When there is a failure indication during the network connectivity
phase (radio attach, bearer setup failure, etc.) captured by the
service availability KPIs, it is regarded as a poor user experience
by definition irrespective of the specific application the user
wanted to use (which cannot be known), as it was not possible for
the user to start using the application at all. Similarly,
connectivity failures at the application level (DNS lookup failure,
TCP connection problem, etc.) available from the application level
KPIs can also be regarded as equally poor user experience, both
when they occur at an early stage of the connectivity procedures so
as to prevent the application usage or when they occur later during
the actual usage of the application. If the application could be
successfully started and data is transferred, the AE 110 quantifies
the user experience based on correlating the user's actions and the
application level KPIs (measured by the AME 100), such as the .rho.

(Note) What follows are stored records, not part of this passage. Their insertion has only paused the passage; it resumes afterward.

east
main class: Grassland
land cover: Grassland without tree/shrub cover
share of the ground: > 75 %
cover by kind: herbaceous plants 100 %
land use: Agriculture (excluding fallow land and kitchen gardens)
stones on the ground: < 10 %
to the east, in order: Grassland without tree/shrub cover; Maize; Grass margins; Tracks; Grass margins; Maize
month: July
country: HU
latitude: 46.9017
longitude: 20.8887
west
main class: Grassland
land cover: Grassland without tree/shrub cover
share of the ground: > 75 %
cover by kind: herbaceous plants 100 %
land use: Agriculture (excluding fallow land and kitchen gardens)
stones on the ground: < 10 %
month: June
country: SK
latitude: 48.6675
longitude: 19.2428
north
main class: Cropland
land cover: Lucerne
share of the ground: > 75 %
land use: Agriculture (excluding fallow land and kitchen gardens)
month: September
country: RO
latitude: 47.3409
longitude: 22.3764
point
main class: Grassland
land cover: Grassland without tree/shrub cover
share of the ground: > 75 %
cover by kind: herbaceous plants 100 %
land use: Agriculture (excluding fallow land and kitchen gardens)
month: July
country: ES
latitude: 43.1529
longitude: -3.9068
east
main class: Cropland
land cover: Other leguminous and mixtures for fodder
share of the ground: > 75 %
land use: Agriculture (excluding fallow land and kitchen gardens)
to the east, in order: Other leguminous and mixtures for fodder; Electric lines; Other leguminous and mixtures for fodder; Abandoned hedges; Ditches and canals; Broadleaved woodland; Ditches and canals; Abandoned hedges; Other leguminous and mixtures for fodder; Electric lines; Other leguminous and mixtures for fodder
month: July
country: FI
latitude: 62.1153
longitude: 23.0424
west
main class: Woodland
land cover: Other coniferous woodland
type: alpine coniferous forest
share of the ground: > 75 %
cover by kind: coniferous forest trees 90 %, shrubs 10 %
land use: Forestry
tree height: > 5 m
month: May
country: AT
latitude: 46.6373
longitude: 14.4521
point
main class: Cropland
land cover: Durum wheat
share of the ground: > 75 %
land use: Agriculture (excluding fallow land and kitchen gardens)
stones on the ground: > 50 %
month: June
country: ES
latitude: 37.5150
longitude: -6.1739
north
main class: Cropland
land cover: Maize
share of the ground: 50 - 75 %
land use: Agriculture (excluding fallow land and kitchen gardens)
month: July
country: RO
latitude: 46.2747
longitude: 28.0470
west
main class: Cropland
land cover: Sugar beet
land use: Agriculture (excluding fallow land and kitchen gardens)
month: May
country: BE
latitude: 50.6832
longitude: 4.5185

and the activity factor KPIs for video downloads, the latency of
DNS lookups, the latency of TCP connection establishments, client
side and server side HTTP RTTs, download time of HTTP objects,
etc.
[0096] By correlating the user's actions with the application
quality of experience, different customer experience categories can
be defined. For example, the worst category may correspond to
experiencing obvious failures either during the network
connectivity phase (bearer setup) or later during the application
usage (DNS, TCP, HTTP), detectable directly from the service
availability and application level KPIs. On the other hand, the
best category may correspond to successful connectivity (both
bearer setup and application level) and good experience measured by
the application level KPIs. In between the worst and best category,
i.e., in the rest of the (non-trivial) cases, different additional
categories can be created based on the granularity of the
experience provided by the application level KPIs and the user's
actions. Generally, the same quality of experience (i.e., same
application KPIs) should be considered worse in case the user's
actions indicate frustrated behavior. Such user actions may include
the termination of the connection before the requested data was
downloaded, repeatedly re-requesting the same content over and over
again, terminating and re-establishing the network connectivity
(bearer), etc.
[0097] The user experience evaluation may also consider the usual
quality to which a given subscriber is accustomed. In other words,
it can be checked if the experience of a user has degraded compared
to its own history. It is plausible that such cases make the user
unsatisfied due to the psychological effect of the direction (i.e.,
decreasing) of the quality change, even if the customer experience
category corresponding to the decreased quality would not be
considered specifically poor. In fact, there can be other users
whose accustomed quality is not as great and, therefore, for these
users the same experience would not be considered relatively poor
at all. For benchmark purposes, the best quality of experience
measured for a given user and/or at a given location and/or at a
given time of day, etc. can be stored to assess the maximum
achievable quality the system can provide. It should be noted that
user specific benchmarks can also incorporate the terminal
limitations, whereas system-wide benchmarks do not exhibit this
bias due to the diversity of the mobile devices.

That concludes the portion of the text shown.